10 Eylül 2012 Pazartesi

mustafa sandal sana, kafaaam girsin

ulan herifin sesi şusu busu yok, tv'de bitlis'te beş minaresine biraz takıldım, oyunculuk da yok. ulan bir reklam çekmiş. o ne be. hay sizin yazdığınız reklam metnini, oynayanlarınızı, yönetmeninizi, sizi yayınlayan kanallarınızı, sayın işvereniniz o telefon şirketini, topunuzu birden new york'daki en iri siyahların hepsi birden becersin. o ne lan öyle, allah belanızı versin, iki cihanda yüzünüz gülmesin. karını oynatmışsın, demek senin sikimsonik bir telefonun olsa karın sana vermeyecekti ha, hay allah senin belanı versin. aldığın paralar götüne bozuk paralar şeklinde girsin. töbe ya, ulan bu kadar boktan bir reklam filmine maruz kalmak ne kötü. tüm sinirlerim zıpladı bir anda. seni dinleyen, destekleyen, sporsor olan ne varsa işte, yeni yapılan boğaz köprüsü girsin hepsine. dur daha küfredeceğim. bi siktirin gidin lan, ulan bok böcekleri bile olmaz sizden. ot musunuz, bok musunuz, ne göt insanlarsınız siz lan..

9 Eylül 2012 Pazar

yedinci gün


peheyy, ihsan oktay anar, yani moğol görünüşlü barbar yine müthiş bir roman kaleme almış. ellerine sağlık. kendisini, artık benimle konuşmayan bir kişiden öğrenmiştim. iki yıl önceydi ve üç dört ay içinde beş kitabını da bitirdim. allah bana onu tavsiye denden razı olsun. puslu kıtalar atlası ile başlamıştı, umarım daha düzinelerce roman yazar.. okumadıysanız şiddetle tavsiye ediyorum. yoksa elime falaka alıp hepinizi döverim..

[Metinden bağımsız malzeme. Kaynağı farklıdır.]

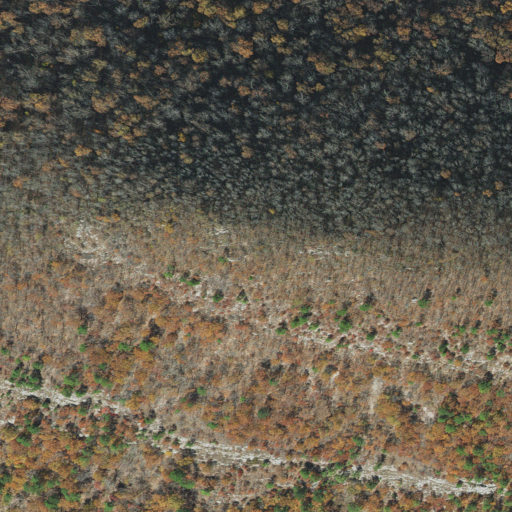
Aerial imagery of mountain in Arkansas named East Hanna Mountain containing deciduous forest, mixed forest, grassland, and shrub
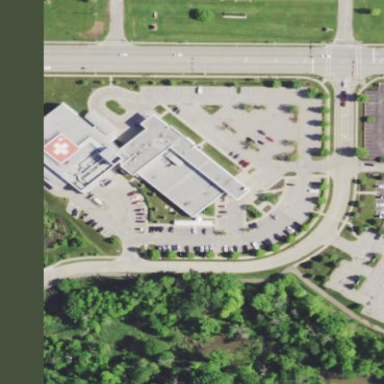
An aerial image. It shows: Healthcare facility identified as hospital.
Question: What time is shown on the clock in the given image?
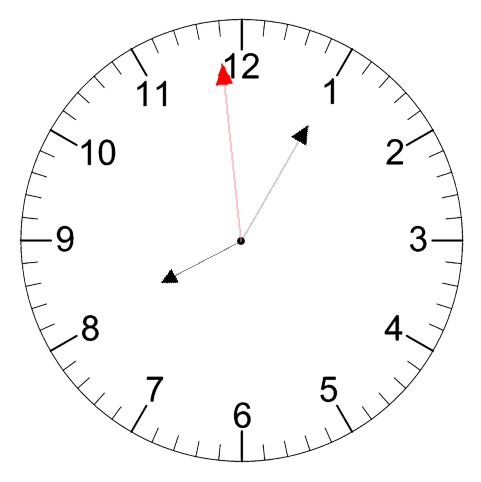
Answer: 08:04:59
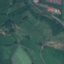
Land use / land cover class: Pasture
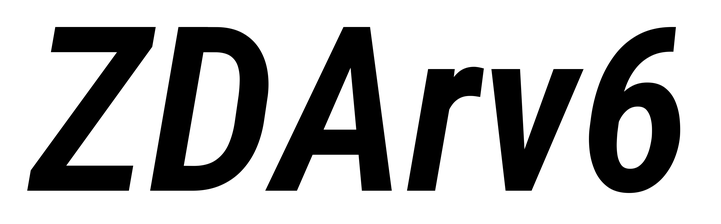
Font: Roboto-Italic_Condensed_SemiBold_Italic
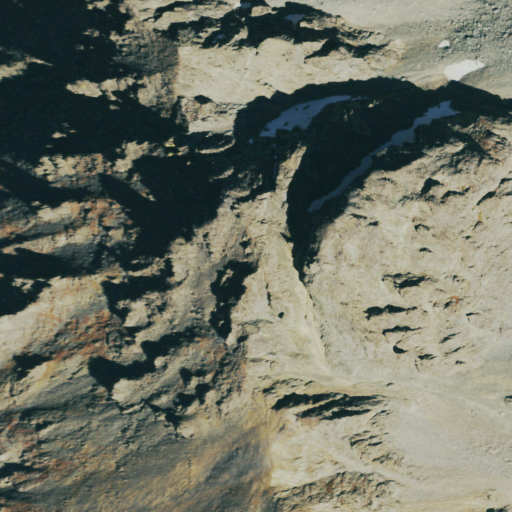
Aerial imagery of mountain in Colorado named Tepee Mountain containing grassland, barren land, shrub, and snow
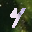
Label: 4
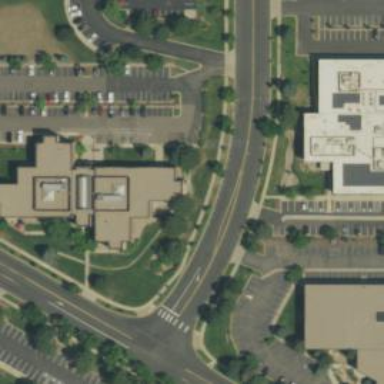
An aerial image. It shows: Office building.
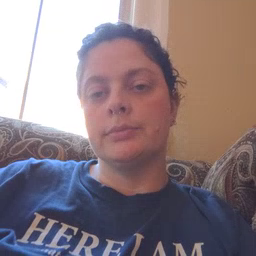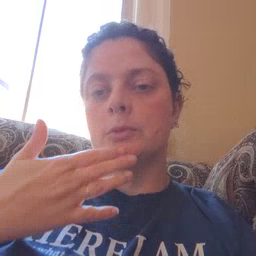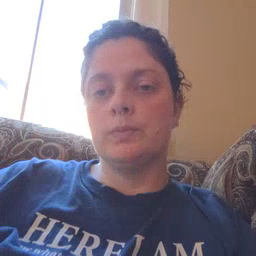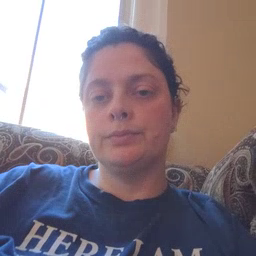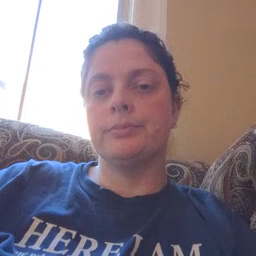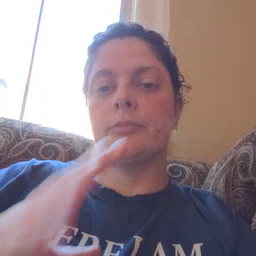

"artık yoruldum ve yarın dinleneceğim, siz de öyle yapın."

ihsan sait'in son sözleri.

(kitaptan bahsetmeyeyim, anlatım ve kurgu yine mükemmel diyeyim)

4 Eylül 2012 Salı

var kalış ve oluştur evlat


bir ara atmışım makinaya çamaşırları, yıkayıp duruyor elektrik tüketerek. fıldır fıldır dönerken, birden bire bana seslendi;

"var kalış, var oluş değildir evlat!"

"ne evladı lan" dedim makinaya dönerek, altı üstü beş yaşında ve altı ile çarpsam yine de benim yaşıma gelemez. terbiyesiz sanayi mamülü.

sonra demez mi "ama benim kadar çamaşır yıkamadın. haftada iki saatten beş yılda, toplam yirmi gün çalıştım ben. saçımı süpürge ettim senin için, vır vır da dır dır... amacım bu benim, yıkarım!"

be hey koca dünya, ne günlere kaldık. ne demiş birisi, "düşünce özgürlüğünden yoksun olmak düşündüğünü söyleyememek değil, hiç düşünmememiş olmaktır." bir metreküplük makina benimle kafa bulmaya çabalıyor, işe bak. sigaramın dumanından çekerken derin derin "ama intihar bir kaçış değil, reddediştir" lafı dökülüverdi ağızcığımdan, dumanıyla birlikte, üfüre üfüre. "varolmak mı istiyorsun? sahtekarrr, sen aslında görevini 

reddediyorsun. bilmezmisin ki hayatta en büyük tembellik, insanın istediği şeyi yapmasıdır. hah ha, seni değiştirmem lazım. ama param yok aq."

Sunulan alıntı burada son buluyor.